(Work instructions) Scan the listing below for the word "reads" and copy every line that has it.

(Source data)
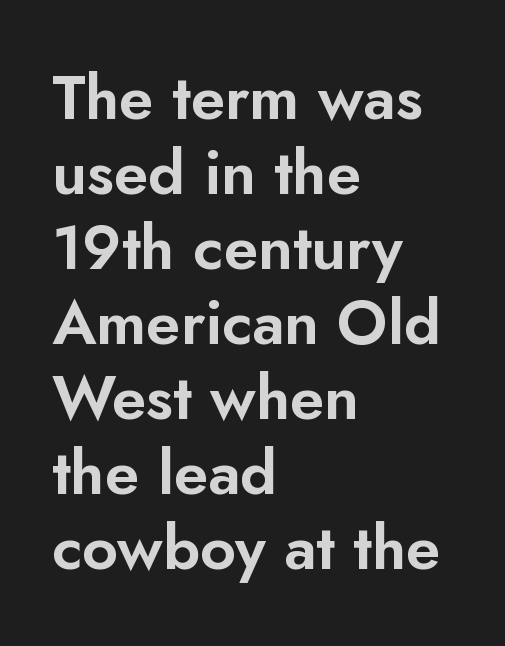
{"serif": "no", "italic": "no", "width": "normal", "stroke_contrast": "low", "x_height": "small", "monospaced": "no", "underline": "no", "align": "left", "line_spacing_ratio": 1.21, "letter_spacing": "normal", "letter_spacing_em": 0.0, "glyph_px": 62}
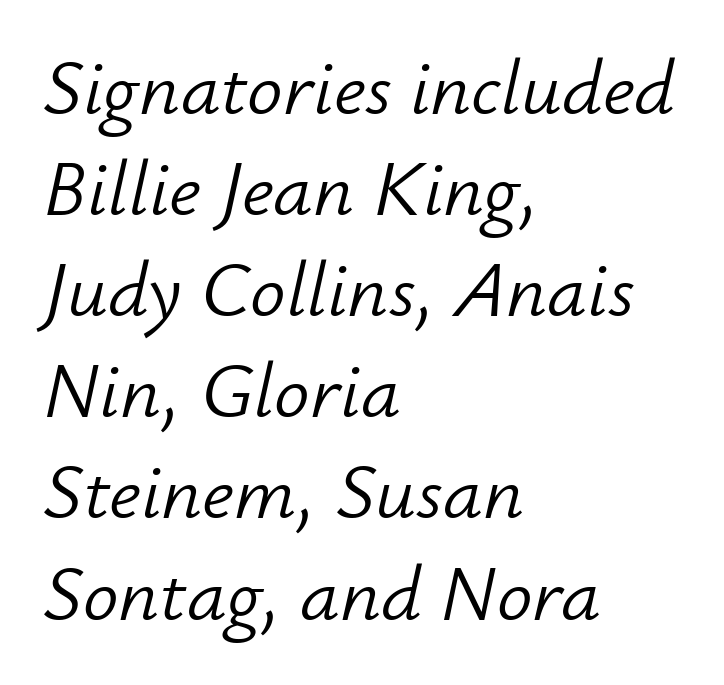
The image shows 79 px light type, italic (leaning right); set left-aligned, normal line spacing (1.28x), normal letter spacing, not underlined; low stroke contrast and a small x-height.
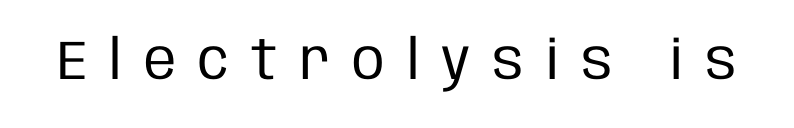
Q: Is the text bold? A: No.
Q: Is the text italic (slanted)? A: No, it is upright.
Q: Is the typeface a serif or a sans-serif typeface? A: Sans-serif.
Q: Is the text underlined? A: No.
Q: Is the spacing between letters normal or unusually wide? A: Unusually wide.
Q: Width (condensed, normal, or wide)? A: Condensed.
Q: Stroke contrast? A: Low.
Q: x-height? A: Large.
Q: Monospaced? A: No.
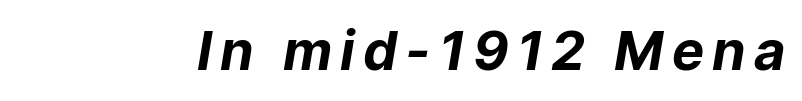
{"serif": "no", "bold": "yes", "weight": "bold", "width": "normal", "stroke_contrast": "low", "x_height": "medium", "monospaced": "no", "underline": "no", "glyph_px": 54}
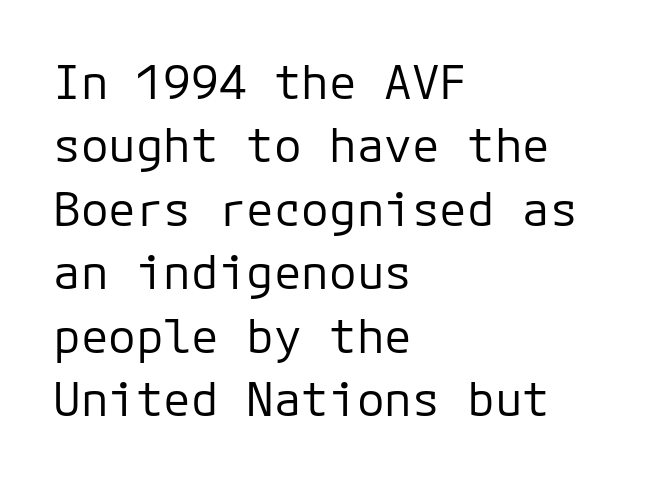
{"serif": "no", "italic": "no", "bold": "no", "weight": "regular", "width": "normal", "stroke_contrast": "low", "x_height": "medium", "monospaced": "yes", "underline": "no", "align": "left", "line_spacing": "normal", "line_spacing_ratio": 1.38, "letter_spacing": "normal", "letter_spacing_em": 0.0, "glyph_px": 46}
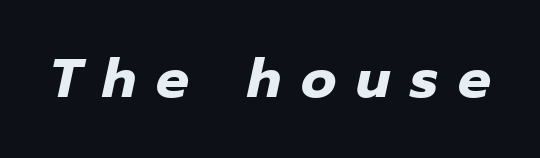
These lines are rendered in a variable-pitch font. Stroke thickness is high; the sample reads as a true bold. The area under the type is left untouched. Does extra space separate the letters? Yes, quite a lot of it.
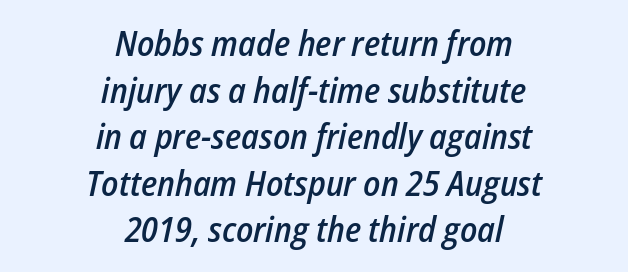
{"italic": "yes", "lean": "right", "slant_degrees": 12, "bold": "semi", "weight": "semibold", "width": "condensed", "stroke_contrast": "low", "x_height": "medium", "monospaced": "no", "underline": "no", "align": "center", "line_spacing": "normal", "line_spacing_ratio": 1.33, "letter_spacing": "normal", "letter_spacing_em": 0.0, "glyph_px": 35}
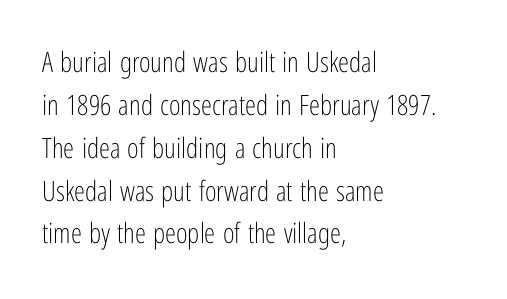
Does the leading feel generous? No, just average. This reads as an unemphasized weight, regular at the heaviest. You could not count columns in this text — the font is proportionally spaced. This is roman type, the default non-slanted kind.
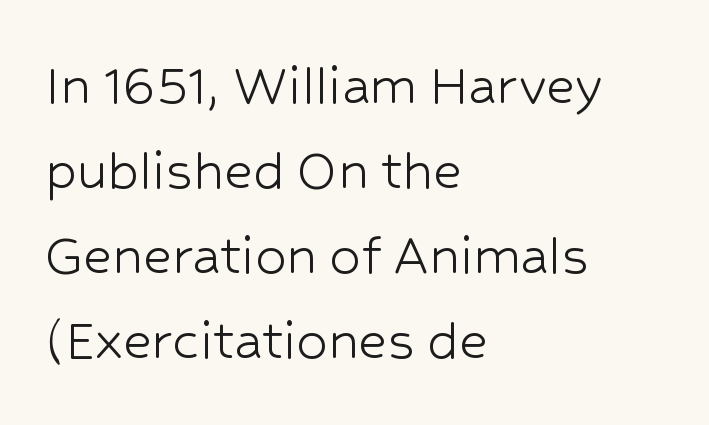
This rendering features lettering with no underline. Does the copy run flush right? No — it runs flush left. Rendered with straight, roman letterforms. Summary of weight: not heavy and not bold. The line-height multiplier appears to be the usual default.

(Problem solution)
These lines are rendered in a variable-pitch font. Stroke thickness is high; the sample reads as a true bold. The area under the type is left untouched. Does extra space separate the letters? Yes, quite a lot of it.
Does the leading feel generous? No, just average. This reads as an unemphasized weight, regular at the heaviest. You could not count columns in this text — the font is proportionally spaced. This is roman type, the default non-slanted kind.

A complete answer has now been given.